Two: ‘Allocate Homeland Security grants strictly on the basis of risk and vulnerability, not politics, so that the money flows, from the best information you have, to where the terrorists will strike next.’
Hamilton said ‘a very good bill’ has been passed overwhelmingly with good, strong bipartisan support in the House, and the Senate has passed a ‘less desirable’ bill. Hamilton said the commission favors the House bill and hopes it will be passed into law and signed by President Bush this year.
Three: Federal law now requires the Dept. of Homeland Security to complete a couple of reports recommended by the commission. One concerns a national strategy for transportation security, and the second assesses the vulnerability of the nation’s critical infrastructure.
The first report should have been filed April 1, and the one on infrastructure vulnerability was due June 15. Neither has been filed. The secretary of Homeland Security, Judge Michael Cherthof, is responsible for this, but he also answers to the President, Hamilton said.
‘You can’t prepare for a terrorist attack or a risk unless you have analyzed the risk and the vulnerabilities and assigned priorities,’ Hamilton said.
‘You must put these plans into place. I don’t suggest that creating these plans is easy. It’s not. It’s very hard. You have to set priorities and make choices. You simply can’t protect every piece of infrastructure in the country, so you have to make choices and establish priorities, and you do that by putting together a plan or a strategy. You have to protect some critical infrastructure and not others.
‘Political leaders don’t like to make judgment calls about priorities because they can be wrong. But we elect our leaders to make these decisions, and they owe us the best analysis and they owe us the best judgments as to where we deploy our resources and secure our homeland, and they have not done it.’

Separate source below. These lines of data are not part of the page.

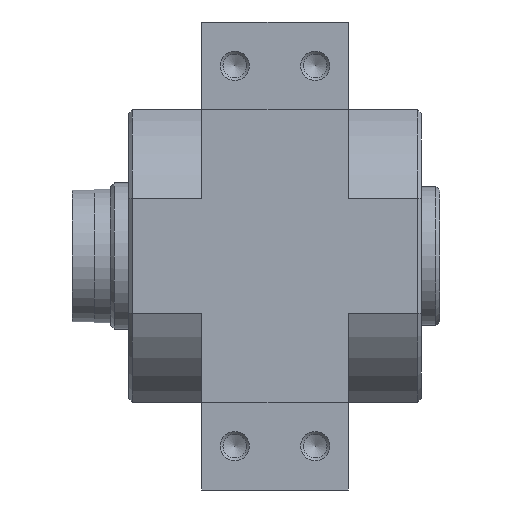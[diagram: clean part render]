
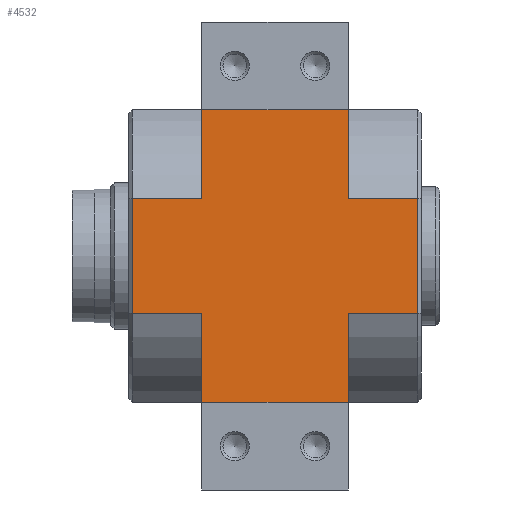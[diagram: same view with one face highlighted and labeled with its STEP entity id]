
A CAD part, left-side view. The second image highlights one B-rep face of the part: STEP entity #4532.
In plain terms, the highlighted planar face has unit normal (-1, 0, 0).
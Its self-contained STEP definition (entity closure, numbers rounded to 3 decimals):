
#289=LINE('',#6749,#537);
#297=LINE('',#6816,#545);
#304=LINE('',#6875,#552);
#305=LINE('',#6878,#553);
#306=LINE('',#6879,#554);
#307=LINE('',#6881,#555);
#308=LINE('',#6883,#556);
#309=LINE('',#6885,#557);
#310=LINE('',#6887,#558);
#311=LINE('',#6888,#559);
#312=LINE('',#6890,#560);
#313=LINE('',#6892,#561);
#537=VECTOR('',#5377,1000.);
#545=VECTOR('',#5405,1000.);
#552=VECTOR('',#5432,1000.);
#553=VECTOR('',#5433,1000.);
#554=VECTOR('',#5434,1000.);
#555=VECTOR('',#5435,1000.);
#556=VECTOR('',#5436,1000.);
#557=VECTOR('',#5437,1000.);
#558=VECTOR('',#5438,1000.);
#559=VECTOR('',#5439,1000.);
#560=VECTOR('',#5440,1000.);
#561=VECTOR('',#5441,1000.);
#867=ORIENTED_EDGE('',*,*,#1884,.T.);
#868=ORIENTED_EDGE('',*,*,#1885,.T.);
#869=ORIENTED_EDGE('',*,*,#1844,.F.);
#870=ORIENTED_EDGE('',*,*,#1886,.T.);
#871=ORIENTED_EDGE('',*,*,#1887,.T.);
#872=ORIENTED_EDGE('',*,*,#1888,.F.);
#873=ORIENTED_EDGE('',*,*,#1889,.T.);
#874=ORIENTED_EDGE('',*,*,#1890,.T.);
#875=ORIENTED_EDGE('',*,*,#1865,.T.);
#876=ORIENTED_EDGE('',*,*,#1891,.T.);
#877=ORIENTED_EDGE('',*,*,#1892,.T.);
#878=ORIENTED_EDGE('',*,*,#1893,.T.);
#1844=EDGE_CURVE('',#2354,#2355,#289,.T.);
#1865=EDGE_CURVE('',#2372,#2371,#297,.T.);
#1884=EDGE_CURVE('',#2386,#2387,#304,.T.);
#1885=EDGE_CURVE('',#2387,#2355,#305,.F.);
#1886=EDGE_CURVE('',#2354,#2388,#306,.T.);
#1887=EDGE_CURVE('',#2388,#2389,#307,.T.);
#1888=EDGE_CURVE('',#2390,#2389,#308,.T.);
#1889=EDGE_CURVE('',#2390,#2391,#309,.T.);
#1890=EDGE_CURVE('',#2391,#2372,#310,.F.);
#1891=EDGE_CURVE('',#2371,#2392,#311,.T.);
#1892=EDGE_CURVE('',#2392,#2393,#312,.T.);
#1893=EDGE_CURVE('',#2393,#2386,#313,.T.);
#2354=VERTEX_POINT('',#6748);
#2355=VERTEX_POINT('',#6750);
#2371=VERTEX_POINT('',#6815);
#2372=VERTEX_POINT('',#6817);
#2386=VERTEX_POINT('',#6876);
#2387=VERTEX_POINT('',#6877);
#2388=VERTEX_POINT('',#6880);
#2389=VERTEX_POINT('',#6882);
#2390=VERTEX_POINT('',#6884);
#2391=VERTEX_POINT('',#6886);
#2392=VERTEX_POINT('',#6889);
#2393=VERTEX_POINT('',#6891);
#2947=EDGE_LOOP('',(#867,#868,#869,#870,#871,#872,#873,#874,#875,#876,#877,
#878));
#3341=FACE_BOUND('',#2947,.T.);
#3732=PLANE('',#4851);
#4532=ADVANCED_FACE('',(#3341),#3732,.F.);
#4851=AXIS2_PLACEMENT_3D('',#6874,#5430,#5431);
#5377=DIRECTION('',(0.,0.,-1.));
#5405=DIRECTION('',(0.,0.,-1.));
#5430=DIRECTION('',(1.,0.,0.));
#5431=DIRECTION('',(0.,0.,-1.));
#5432=DIRECTION('',(0.,0.,1.));
#5433=DIRECTION('',(0.,1.,0.));
#5434=DIRECTION('',(0.,1.,0.));
#5435=DIRECTION('',(0.,0.,1.));
#5436=DIRECTION('',(0.,-1.,0.));
#5437=DIRECTION('',(0.,0.,-1.));
#5438=DIRECTION('',(0.,-1.,0.));
#5439=DIRECTION('',(0.,-1.,0.));
#5440=DIRECTION('',(0.,0.,-1.));
#5441=DIRECTION('',(0.,-1.,0.));
#6748=CARTESIAN_POINT('',(-20.,-19.5,7.89));
#6749=CARTESIAN_POINT('',(-20.,-19.5,20.));
#6750=CARTESIAN_POINT('',(-20.,-19.5,-7.89));
#6815=CARTESIAN_POINT('',(-20.,19.5,-7.89));
#6816=CARTESIAN_POINT('',(-20.,19.5,20.));
#6817=CARTESIAN_POINT('',(-20.,19.5,7.89));
#6874=CARTESIAN_POINT('',(-20.,19.5,20.));
#6875=CARTESIAN_POINT('',(-20.,-10.,20.));
#6876=CARTESIAN_POINT('',(-20.,-10.,-20.));
#6877=CARTESIAN_POINT('',(-20.,-10.,-7.89));
#6878=CARTESIAN_POINT('',(-20.,-10.,-7.89));
#6879=CARTESIAN_POINT('',(-20.,-10.,7.89));
#6880=CARTESIAN_POINT('',(-20.,-10.,7.89));
#6881=CARTESIAN_POINT('',(-20.,-10.,20.));
#6882=CARTESIAN_POINT('',(-20.,-10.,20.));
#6883=CARTESIAN_POINT('',(-20.,19.5,20.));
#6884=CARTESIAN_POINT('',(-20.,10.,20.));
#6885=CARTESIAN_POINT('',(-20.,10.,20.));
#6886=CARTESIAN_POINT('',(-20.,10.,7.89));
#6887=CARTESIAN_POINT('',(-20.,10.,7.89));
#6888=CARTESIAN_POINT('',(-20.,10.,-7.89));
#6889=CARTESIAN_POINT('',(-20.,10.,-7.89));
#6890=CARTESIAN_POINT('',(-20.,10.,20.));
#6891=CARTESIAN_POINT('',(-20.,10.,-20.));
#6892=CARTESIAN_POINT('',(-20.,19.5,-20.));

Cherthof hasn’t explained, even at his confirmation hearings, why his reports are very late.
Four: ‘We must adopt a command system at the point of the disaster. In both 9/11 and Katrina, you had a disarray in command at the point of impact. No one agency was clearly identified as being in charge. And when you have confusion, that costs lives,’ Hamilton said.
‘You have literally hundreds of decisions that have to be made very quickly regarding personnel, where to put them, what kind of equipment to have, what do you do first, what do you do second, search and rescue operations, and so on.

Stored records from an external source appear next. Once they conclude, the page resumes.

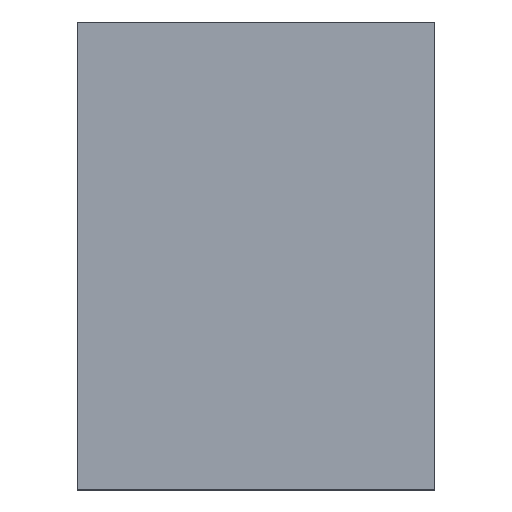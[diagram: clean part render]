
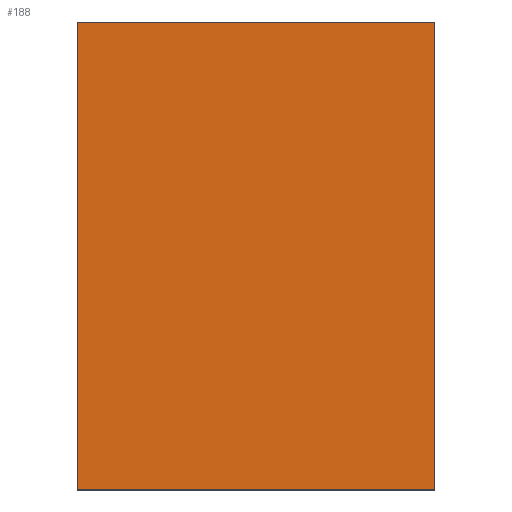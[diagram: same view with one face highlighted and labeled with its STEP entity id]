
A CAD part, top view. The second image highlights one B-rep face of the part: STEP entity #188.
In plain terms, the highlighted planar face has unit normal (0, 0, 1).
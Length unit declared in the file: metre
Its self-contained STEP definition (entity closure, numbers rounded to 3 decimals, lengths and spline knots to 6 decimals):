
#36=ORIENTED_EDGE('',*,*,#69,.F.);
#37=ORIENTED_EDGE('',*,*,#72,.T.);
#38=ORIENTED_EDGE('',*,*,#74,.T.);
#39=ORIENTED_EDGE('',*,*,#75,.F.);
#69=EDGE_CURVE('',#92,#93,#109,.T.);
#72=EDGE_CURVE('',#92,#94,#112,.T.);
#74=EDGE_CURVE('',#94,#95,#114,.T.);
#75=EDGE_CURVE('',#93,#95,#115,.T.);
#92=VERTEX_POINT('',#286);
#93=VERTEX_POINT('',#288);
#94=VERTEX_POINT('',#292);
#95=VERTEX_POINT('',#296);
#109=LINE('',#287,#133);
#112=LINE('',#293,#136);
#114=LINE('',#297,#138);
#115=LINE('',#299,#139);
#133=VECTOR('',#233,1.);
#136=VECTOR('',#238,1.);
#138=VECTOR('',#242,1.);
#139=VECTOR('',#245,1.);
#154=EDGE_LOOP('',(#36,#37,#38,#39));
#166=FACE_BOUND('',#154,.T.);
#177=PLANE('',#212);
#188=ADVANCED_FACE('',(#166),#177,.T.);
#212=AXIS2_PLACEMENT_3D('',#300,#246,#247);
#233=DIRECTION('',(0.,1.,0.));
#238=DIRECTION('',(1.,0.,0.));
#242=DIRECTION('',(0.,1.,0.));
#245=DIRECTION('',(1.,0.,0.));
#246=DIRECTION('',(0.,0.,1.));
#247=DIRECTION('',(1.,0.,0.));
#286=CARTESIAN_POINT('',(0.,0.,0.0125));
#287=CARTESIAN_POINT('',(0.,0.038,0.0125));
#288=CARTESIAN_POINT('',(0.,0.076,0.0125));
#292=CARTESIAN_POINT('',(0.058,0.,0.0125));
#293=CARTESIAN_POINT('',(0.029,0.,0.0125));
#296=CARTESIAN_POINT('',(0.058,0.076,0.0125));
#297=CARTESIAN_POINT('',(0.058,0.038,0.0125));
#299=CARTESIAN_POINT('',(0.029,0.076,0.0125));
#300=CARTESIAN_POINT('',(0.029,0.038,0.0125));

‘You have to have a command structure that is unified, effective and efficient. Even when you have that, it’s still very chaotic, and when you don’t have it, it’s even more so.’
During a major catastrophe, federal, state and local officials and many private citizens all find themselves involved in emergency response. ‘Somebody has to be in charge,’ Hamilton said. ‘When you don’t have somebody in charge, you have chaos.

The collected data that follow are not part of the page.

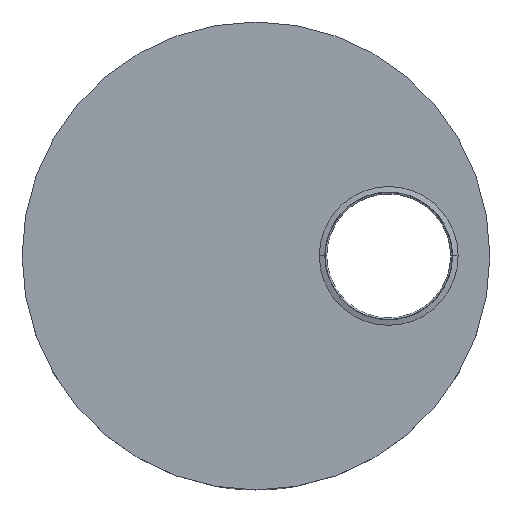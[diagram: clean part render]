
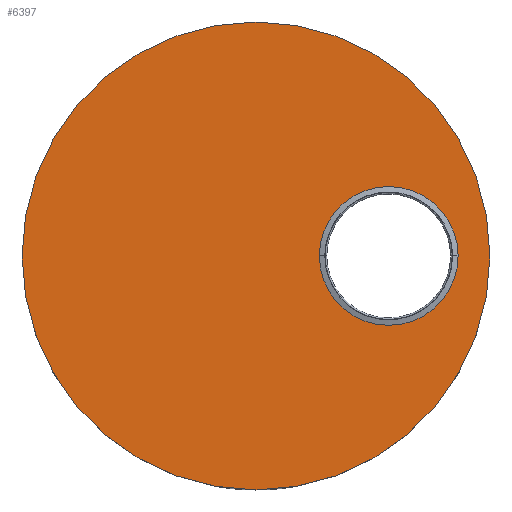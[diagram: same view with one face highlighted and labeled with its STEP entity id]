
A CAD part, top view. The second image highlights one B-rep face of the part: STEP entity #6397.
In plain terms, the highlighted planar face has unit normal (0, 0, 1).
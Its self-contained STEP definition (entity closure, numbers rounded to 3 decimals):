
#434 = CARTESIAN_POINT ( 'NONE',  ( 0., 0., 175. ) ) ;
#2334 = DIRECTION ( 'NONE',  ( 0., 0., 1. ) ) ;
#2438 = FACE_OUTER_BOUND ( 'NONE', #16676, .T. ) ;
#2644 = CIRCLE ( 'NONE', #14379, 1190. ) ;
#2908 = DIRECTION ( 'NONE',  ( 1., 0., 0. ) ) ;
#3358 = DIRECTION ( 'NONE',  ( 0., 0., 1. ) ) ;
#3380 = CARTESIAN_POINT ( 'NONE',  ( -1190., 0., 175. ) ) ;
#3785 = DIRECTION ( 'NONE',  ( 1., 0., 0. ) ) ;
#4659 = CARTESIAN_POINT ( 'NONE',  ( 1002., 0., 175. ) ) ;
#4735 = AXIS2_PLACEMENT_3D ( 'NONE', #9595, #20753, #6448 ) ;
#5203 = EDGE_CURVE ( 'NONE', #7075, #15569, #9114, .T. ) ;
#6056 = CARTESIAN_POINT ( 'NONE',  ( 1190., 0., 175. ) ) ;
#6397 = ADVANCED_FACE ( 'NONE', ( #2438, #15267 ), #18221, .T. ) ;
#6409 = AXIS2_PLACEMENT_3D ( 'NONE', #16403, #3358, #3785 ) ;
#6448 = DIRECTION ( 'NONE',  ( 1., 0., 0. ) ) ;
#7075 = VERTEX_POINT ( 'NONE', #4659 ) ;
#7358 = EDGE_LOOP ( 'NONE', ( #17916, #15720 ) ) ;
#7375 = DIRECTION ( 'NONE',  ( 1., 0., 0. ) ) ;
#7912 = ORIENTED_EDGE ( 'NONE', *, *, #11717, .T. ) ;
#9103 = CIRCLE ( 'NONE', #6409, 327. ) ;
#9114 = CIRCLE ( 'NONE', #4735, 327. ) ;
#9595 = CARTESIAN_POINT ( 'NONE',  ( 675., 0., 175. ) ) ;
#11683 = DIRECTION ( 'NONE',  ( 0., 0., 1. ) ) ;
#11717 = EDGE_CURVE ( 'NONE', #11941, #13856, #2644, .T. ) ;
#11941 = VERTEX_POINT ( 'NONE', #3380 ) ;
#12713 = CARTESIAN_POINT ( 'NONE',  ( 348., 0., 175. ) ) ;
#13012 = AXIS2_PLACEMENT_3D ( 'NONE', #17110, #17314, #2908 ) ;
#13845 = EDGE_CURVE ( 'NONE', #13856, #11941, #14032, .T. ) ;
#13856 = VERTEX_POINT ( 'NONE', #6056 ) ;
#14032 = CIRCLE ( 'NONE', #13012, 1190. ) ;
#14105 = ORIENTED_EDGE ( 'NONE', *, *, #13845, .T. ) ;
#14379 = AXIS2_PLACEMENT_3D ( 'NONE', #434, #11683, #17890 ) ;
#15267 = FACE_BOUND ( 'NONE', #7358, .T. ) ;
#15569 = VERTEX_POINT ( 'NONE', #12713 ) ;
#15720 = ORIENTED_EDGE ( 'NONE', *, *, #15936, .F. ) ;
#15936 = EDGE_CURVE ( 'NONE', #15569, #7075, #9103, .T. ) ;
#16403 = CARTESIAN_POINT ( 'NONE',  ( 675., 0., 175. ) ) ;
#16676 = EDGE_LOOP ( 'NONE', ( #7912, #14105 ) ) ;
#16740 = CARTESIAN_POINT ( 'NONE',  ( 0., 0., 175. ) ) ;
#17110 = CARTESIAN_POINT ( 'NONE',  ( 0., 0., 175. ) ) ;
#17314 = DIRECTION ( 'NONE',  ( 0., 0., 1. ) ) ;
#17890 = DIRECTION ( 'NONE',  ( 1., 0., 0. ) ) ;
#17916 = ORIENTED_EDGE ( 'NONE', *, *, #5203, .F. ) ;
#18221 = PLANE ( 'NONE',  #20219 ) ;
#20219 = AXIS2_PLACEMENT_3D ( 'NONE', #16740, #2334, #7375 ) ;
#20753 = DIRECTION ( 'NONE',  ( 0., 0., 1. ) ) ;

‘A lot of communities have wrestled with this, and a lot have not. It’s hard to find out where the country is as a whole on this. We feel on the commission that progress has been too slow. Terrorists are not going to accommodate some kind of bureaucratic timetable. The urgency of action should match the urgency of the threat.
‘This is where the concentration of effort ought to be done ‘ and can be done ‘ in the next few months.’
Hamilton said he thinks these recommendations are all achievable.